Drogo had loved his wife, more than anything else in Middle Earth. But somewhere in time, he had lost her. She was only a ghost of the woman she used to be, and the hope that she would find back the joy of life, had evaporated more than once. 

But never for good. Always there had been that spark of hope; hope there was still something left of the woman he had loved so much, but who had turned into a stranger along the way. It was during one of these hopeful days that she grabbed his hand. A rare brilliance was in her brown eyes, and immediately his love for her seeped back into his heart. 

"Let us make a boat trip," she said, pressing a kiss to his cheek. "You and me, just like the old days."

Hesitating, Drogo glanced through the window. They had just finished their meal; it would be dark soon. "Now?"

"Of course, my love. What can happen to us on the Brandywine? Nothing, right?" She laughed – for the first time in years, it seemed. 

Drogo squeezed her hand. He wanted nothing more than spending time with her. Maybe the fragments of their marriage could still be glued together. And if not –  maybe he would finally be able to discover what had changed her so much. 

Primrose's niece offered to look after Frodo, and with hands laced Drogo and Primrose strolled to the river, getting into the boat. Drogo felt delighted, surprised by the sudden change of his wife's behavior. As he rowed to the middle of the river, he told her about the party his third cousin would celebrate within three days and he described the cakes he planned to bake. 

The more distance they covered, the quieter Primrose became. A nasty feeling flared up in his chest, and suddenly it was hard to breathe. Was this his fault? Was he doing something wrong? He let go of the paddles and looked his wife in the eye. 

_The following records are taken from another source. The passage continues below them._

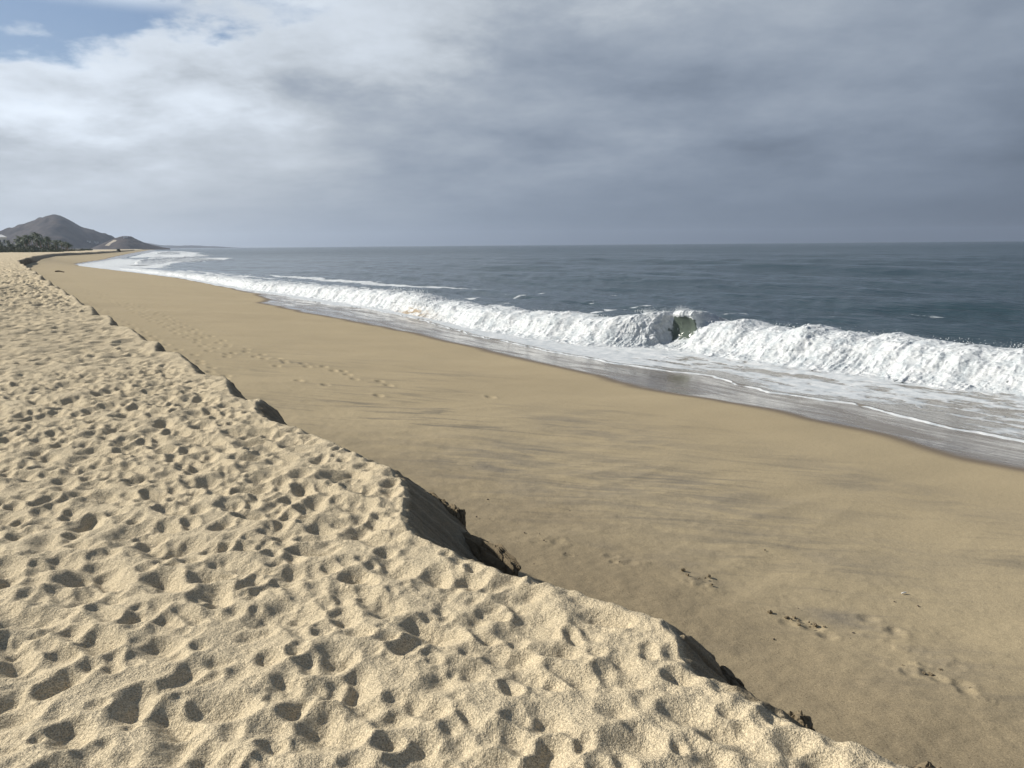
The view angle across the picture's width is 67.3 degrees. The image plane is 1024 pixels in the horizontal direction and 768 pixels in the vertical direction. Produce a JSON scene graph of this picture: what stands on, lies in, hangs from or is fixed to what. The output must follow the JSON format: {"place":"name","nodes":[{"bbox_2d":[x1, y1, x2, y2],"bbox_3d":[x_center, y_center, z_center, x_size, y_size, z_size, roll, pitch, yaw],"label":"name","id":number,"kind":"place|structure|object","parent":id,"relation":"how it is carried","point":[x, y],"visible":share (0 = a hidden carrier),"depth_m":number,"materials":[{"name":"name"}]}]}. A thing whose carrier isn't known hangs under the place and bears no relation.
{"place":"outdoors","nodes":[
{"label":"outdoors","id":0,"kind":"place"},
{"bbox_2d":[0,214,114,248],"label":"hill","id":1,"kind":"structure","parent":0,"point":[54,227],"depth_m":1830.11,"materials":[{"name":"grey stone"}]},
{"bbox_2d":[78,249,139,254],"bbox_3d":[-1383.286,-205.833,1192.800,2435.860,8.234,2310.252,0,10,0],"label":"coastal plain terrain","id":2,"kind":"structure","parent":0,"point":[114,249],"depth_m":1360.53,"materials":[{"name":"beige sand"}]},
{"bbox_2d":[0,244,92,252],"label":"shrubbery","id":3,"kind":"object","parent":2,"relation":"on","point":[33,248],"visible":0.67,"depth_m":387.45,"materials":[{"name":"green plant"}]},
{"bbox_2d":[91,236,169,249],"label":"headland hill","id":4,"kind":"structure","parent":0,"point":[128,242],"depth_m":1698.43,"materials":[{"name":"grey stone"}]},
{"bbox_2d":[147,243,237,247],"bbox_3d":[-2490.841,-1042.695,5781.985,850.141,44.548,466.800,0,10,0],"label":"distant hills","id":5,"kind":"structure","parent":0,"point":[183,246],"depth_m":5766.37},
{"bbox_2d":[0,249,916,767],"bbox_3d":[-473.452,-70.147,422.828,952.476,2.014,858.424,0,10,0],"label":"dry sand ground","id":6,"kind":"structure","parent":0,"point":[200,569],"depth_m":3.42,"materials":[{"name":"beige sand"}]},
{"bbox_2d":[0,235,6,246],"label":"beach house","id":7,"kind":"structure","parent":6,"relation":"on","point":[2,238],"depth_m":479.73,"materials":[{"name":"white paint"}]},
{"bbox_2d":[20,238,28,247],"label":"palm tree","id":8,"kind":"object","parent":6,"relation":"on","point":[22,240],"visible":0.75,"depth_m":406.87,"materials":[{"name":"green plant"}]},
{"bbox_2d":[23,235,34,246],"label":"palm tree","id":9,"kind":"object","parent":6,"relation":"on","point":[28,237],"visible":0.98,"depth_m":400.74,"materials":[{"name":"green plant"}]},
{"bbox_2d":[31,232,42,246],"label":"palm tree","id":10,"kind":"object","parent":6,"relation":"on","point":[36,235],"visible":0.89,"depth_m":418.00,"materials":[{"name":"green plant"}]},
{"bbox_2d":[35,236,42,246],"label":"palm tree","id":11,"kind":"object","parent":6,"relation":"on","point":[39,238],"visible":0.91,"depth_m":408.26,"materials":[{"name":"green plant"}]},
{"bbox_2d":[423,488,448,507],"bbox_3d":[-0.608,0.943,5.932,0.095,0.256,0.444,-10,8,-43],"label":"sand clod","id":12,"kind":"object","parent":6,"relation":"on","point":[444,502],"visible":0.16,"depth_m":5.82,"materials":[{"name":"beige sand"}]},
{"bbox_2d":[446,504,465,526],"bbox_3d":[-0.422,0.994,5.598,0.099,0.262,0.267,-1,3,-38],"label":"sand clod","id":13,"kind":"object","parent":6,"relation":"on","point":[456,512],"visible":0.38,"depth_m":5.51,"materials":[{"name":"beige sand"}]},
{"bbox_2d":[463,532,520,576],"bbox_3d":[-0.211,1.149,5.126,0.100,0.264,0.738,-2,9,-43],"label":"sand clod","id":14,"kind":"object","parent":6,"relation":"on","point":[500,557],"visible":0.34,"depth_m":4.98,"materials":[{"name":"beige sand"}]},
{"bbox_2d":[720,665,746,689],"bbox_3d":[0.926,1.350,3.391,0.100,0.228,0.329,-7,12,-32],"label":"sand clod","id":15,"kind":"object","parent":6,"relation":"on","point":[731,678],"visible":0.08,"depth_m":3.32,"materials":[{"name":"beige sand"}]},
{"bbox_2d":[787,710,814,730],"bbox_3d":[1.090,1.338,2.922,0.097,0.196,0.131,-7,12,-32],"label":"sand clod","id":16,"kind":"object","parent":6,"relation":"on","point":[801,718],"visible":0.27,"depth_m":2.89,"materials":[{"name":"beige sand"}]},
{"bbox_2d":[911,761,941,767],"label":"sand clod","id":17,"kind":"object","parent":6,"relation":"on","point":[927,764],"visible":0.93,"depth_m":2.48,"materials":[{"name":"beige sand"}]},
{"bbox_2d":[0,0,1023,247],"label":"sky","id":18,"kind":"structure","parent":0,"point":[222,123],"materials":[{"name":"grey"}]},
{"bbox_2d":[25,250,1023,767],"bbox_3d":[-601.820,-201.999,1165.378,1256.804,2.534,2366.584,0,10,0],"label":"beach","id":19,"kind":"structure","parent":0,"point":[841,522],"depth_m":10.03,"materials":[{"name":"beige sand"}]},
{"bbox_2d":[77,241,1023,442],"bbox_3d":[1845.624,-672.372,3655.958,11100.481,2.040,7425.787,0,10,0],"label":"sea","id":20,"kind":"structure","parent":0,"point":[973,292],"depth_m":75.71,"materials":[{"name":"liquid"}]},
{"bbox_2d":[153,251,183,254],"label":"breaking wave","id":21,"kind":"object","parent":20,"relation":"on","point":[166,253],"visible":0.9,"depth_m":508.72,"materials":[{"name":"liquid"}]},
{"bbox_2d":[125,256,221,265],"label":"breaking wave","id":22,"kind":"object","parent":20,"relation":"on","point":[153,261],"visible":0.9,"depth_m":231.55,"materials":[{"name":"liquid"}]},
{"bbox_2d":[121,268,1023,395],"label":"breaking wave","id":23,"kind":"object","parent":20,"relation":"on","point":[902,357],"visible":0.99,"depth_m":30.68,"materials":[{"name":"liquid"}]}
]}

"Please tell me what's weighing so heavy on your heart, my dear."

She bent over, covering her delicate face with her hands. "It's our son, Drogo." She started to sob. 

Drogo didn't understand a thing. What about their son? Frodo was a good boy, he wouldn't hurt a fly. Why would she worry about him? 

"It's all right, my love." Wobbly, he stood up. He wanted to sit down next to her to comfort her, but suddenly she got up and pushed him backwards. Drogo fell overboard. 

Suddenly, the water was everywhere around him. He was lashing out, trying to grasp something. His groping fingers found something soft and wet. It was his wife. She wrapped her arms around him. 

"I'm sorry, my sweet Drogo," she whispered, crying. "But there's no place for us in Frodo's story. It's someone else who will guide him through life. If we remain a part of his life... he will never become the man he is destined to be."

Primrose's embrace was suffocating. Because of her extra weight, they soon disappeared under water; neither of them could swim. They sank deeper and deeper. Drogo was squirming, fighting to reach the surface, but the arms of his wife around him were like an unbreakable chain and the darkness surrounding them became darker; ever thicker, ever more definitive.